Data to process:
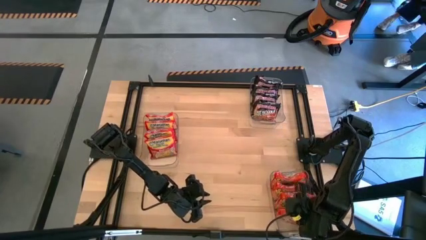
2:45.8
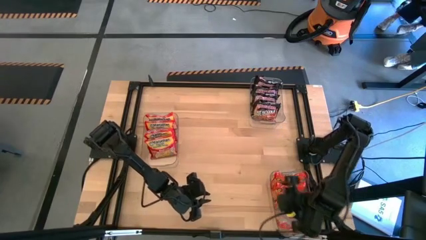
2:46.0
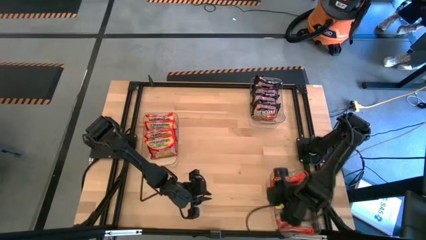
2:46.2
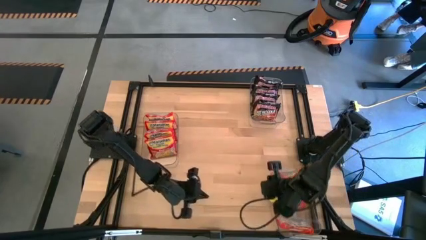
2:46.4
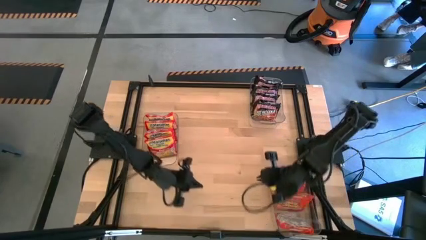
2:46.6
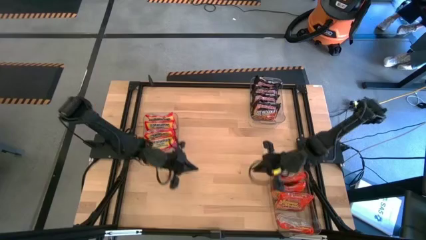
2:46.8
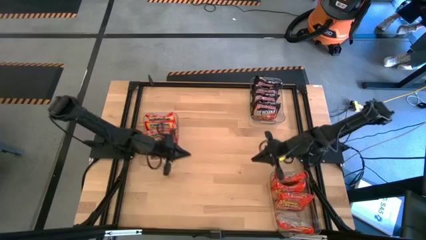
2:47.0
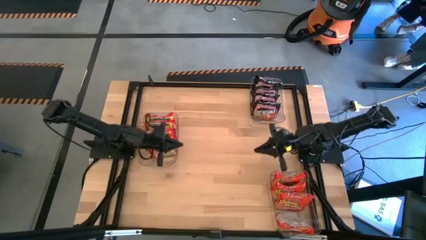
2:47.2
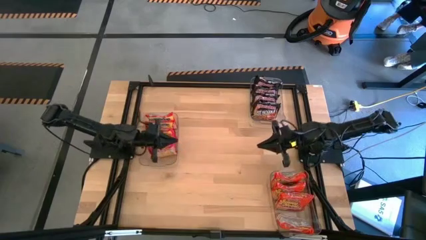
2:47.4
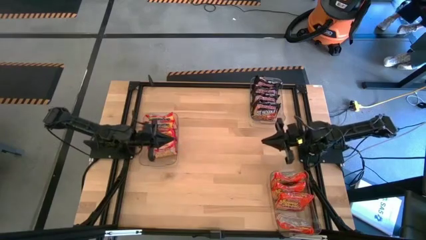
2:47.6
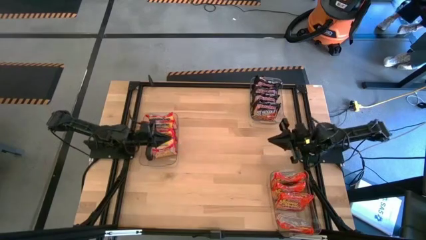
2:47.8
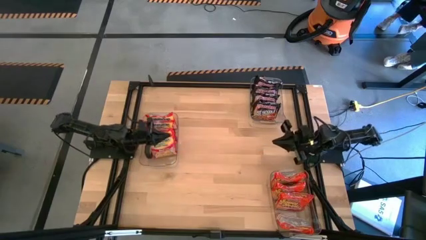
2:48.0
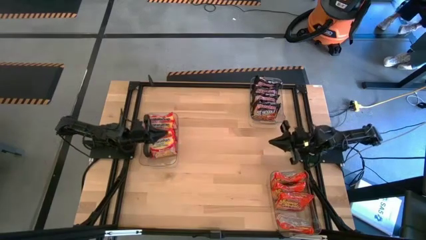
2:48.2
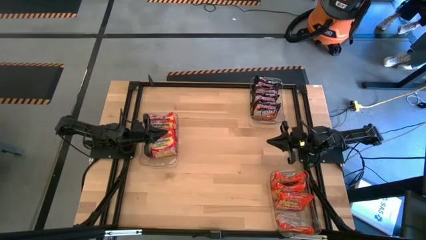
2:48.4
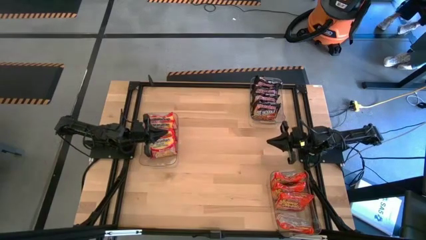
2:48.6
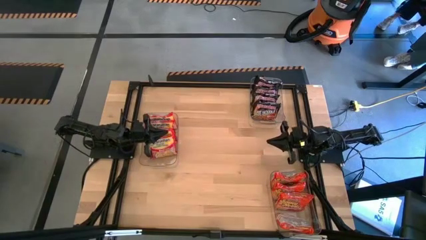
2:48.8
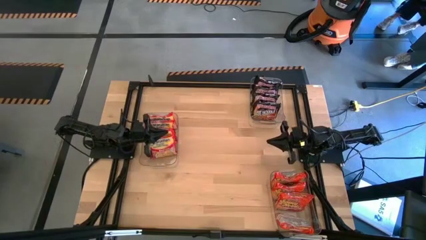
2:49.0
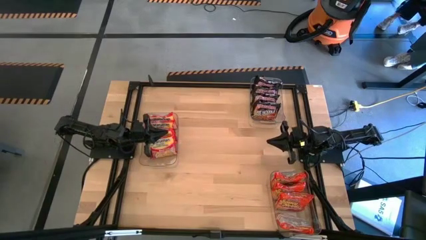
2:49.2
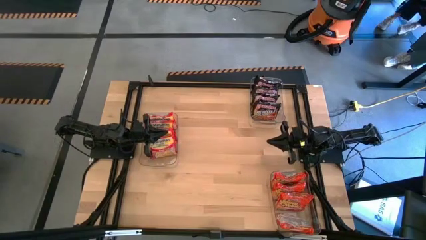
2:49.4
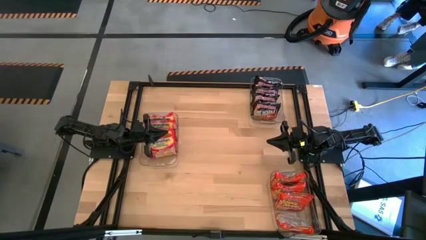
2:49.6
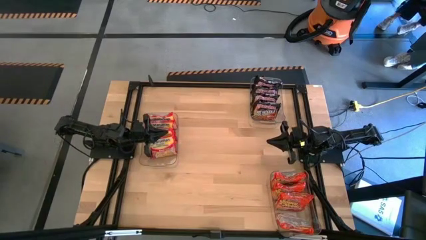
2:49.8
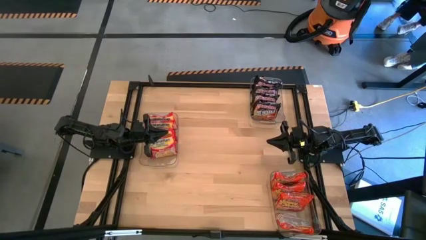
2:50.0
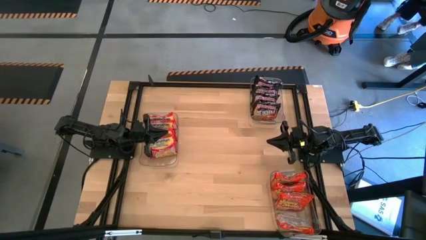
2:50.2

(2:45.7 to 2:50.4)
Return to Home Position

About this task:
Reproduce the listing above exactly, without a single picture.

Solved problem:
2:45.8
2:46.0
2:46.2
2:46.4
2:46.6
2:46.8
2:47.0
2:47.2
2:47.4
2:47.6
2:47.8
2:48.0
2:48.2
2:48.4
2:48.6
2:48.8
2:49.0
2:49.2
2:49.4
2:49.6
2:49.8
2:50.0
2:50.2

(2:45.7 to 2:50.4)
Return to Home Position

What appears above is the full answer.